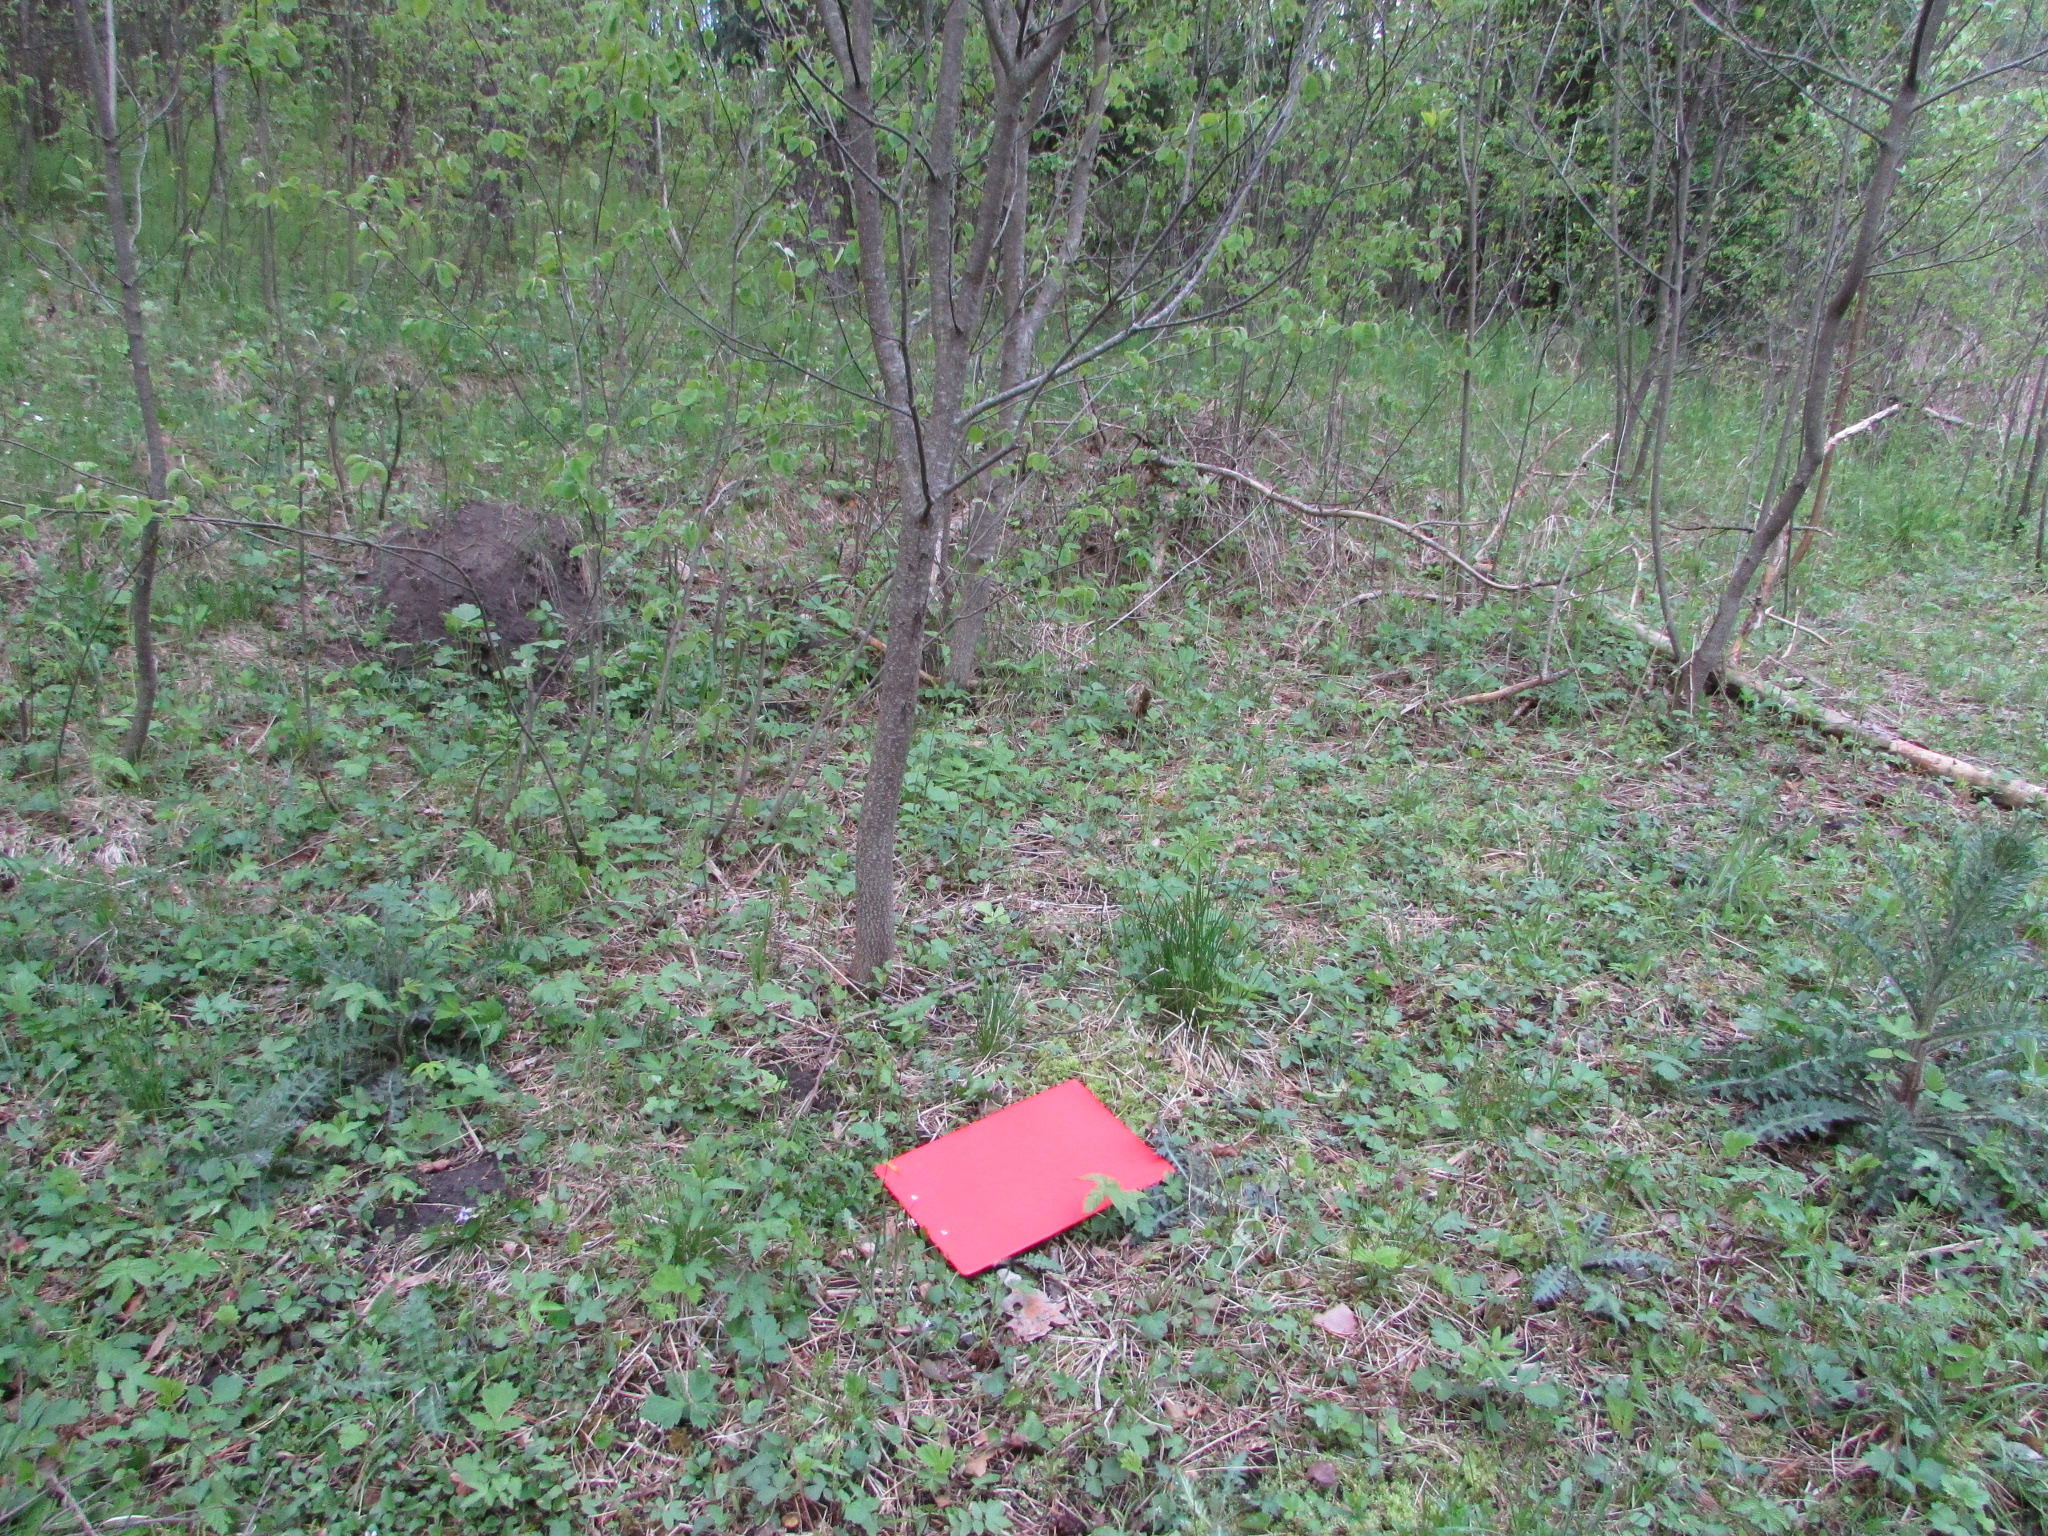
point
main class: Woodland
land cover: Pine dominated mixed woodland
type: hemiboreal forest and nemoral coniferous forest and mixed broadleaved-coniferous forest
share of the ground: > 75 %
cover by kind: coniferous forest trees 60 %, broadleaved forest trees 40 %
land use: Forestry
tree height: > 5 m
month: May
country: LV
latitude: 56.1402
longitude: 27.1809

---

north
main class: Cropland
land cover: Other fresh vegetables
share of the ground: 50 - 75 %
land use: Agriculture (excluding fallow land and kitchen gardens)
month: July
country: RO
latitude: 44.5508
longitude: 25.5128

» Work instructions:
From the records above, transcribe exactly the run of lines that opens with the line holding "main class: Woodland" and closes with the line holding "longitude: 27.1809", both included.

» Task answer:
main class: Woodland
land cover: Pine dominated mixed woodland
type: hemiboreal forest and nemoral coniferous forest and mixed broadleaved-coniferous forest
share of the ground: > 75 %
cover by kind: coniferous forest trees 60 %, broadleaved forest trees 40 %
land use: Forestry
tree height: > 5 m
month: May
country: LV
latitude: 56.1402
longitude: 27.1809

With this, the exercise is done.